_Exercise requirements_: Each record below is to be copied exactly; the pictures are to be omitted.

_Stored data_:
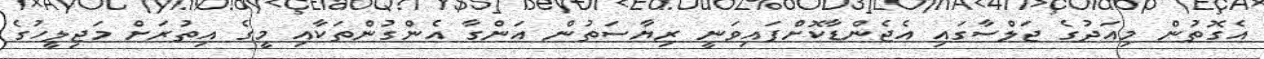
އެގޮތުން މިއަދުގެ ޖަލްސާގައި އެޖެންޑާކޮށްފައިވަނީ ރިޔާސަތުން އަންގާ އެންގުންތަކާއި މީގެ އިތުރަށް މަޖިލީހުގެ
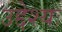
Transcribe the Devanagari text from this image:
उद्देश्यः
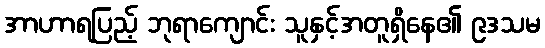
အာဟာရပြည့် ဘုရာကျောင်း သူနှင့်အတူရှိနေ၏ ၉ဒသမ
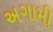
અગામી
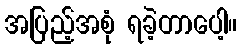
အပြည့်အစုံ ရခဲ့တာပေါ့။
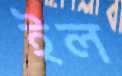
ইল
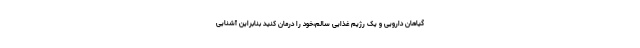
گیاهان دارویی و یک رژیم غذایی سالم،خود را درمان کنید بنابراین آشنایی
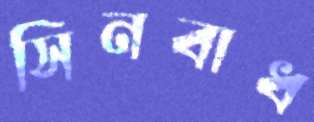
সিনবাধ
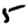
Digit: 5
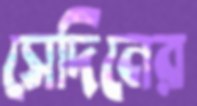
সেদিনের
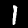
Label: 1
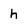
Character: h
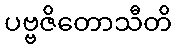
ပဗ္ဗဇိတောသီတိ
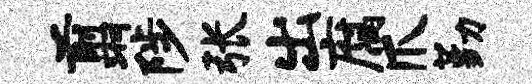
翦陟张出腐爪勤
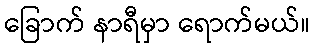
ခြောက် နာရီမှာ ရောက်မယ်။

_Exercise output_:
އެގޮތުން މިއަދުގެ ޖަލްސާގައި އެޖެންޑާކޮށްފައިވަނީ ރިޔާސަތުން އަންގާ އެންގުންތަކާއި މީގެ އިތުރަށް މަޖިލީހުގެ
Transcribe the Devanagari text from this image:
उद्देश्यः
အာဟာရပြည့် ဘုရာကျောင်း သူနှင့်အတူရှိနေ၏ ၉ဒသမ
અગામી
အပြည့်အစုံ ရခဲ့တာပေါ့။
ইল
گیاهان دارویی و یک رژیم غذایی سالم،خود را درمان کنید بنابراین آشنایی
সিনবাধ
Digit: 5
সেদিনের
Label: 1
Character: h
ပဗ္ဗဇိတောသီတိ
翦陟张出腐爪勤
ခြောက် နာရီမှာ ရောက်မယ်။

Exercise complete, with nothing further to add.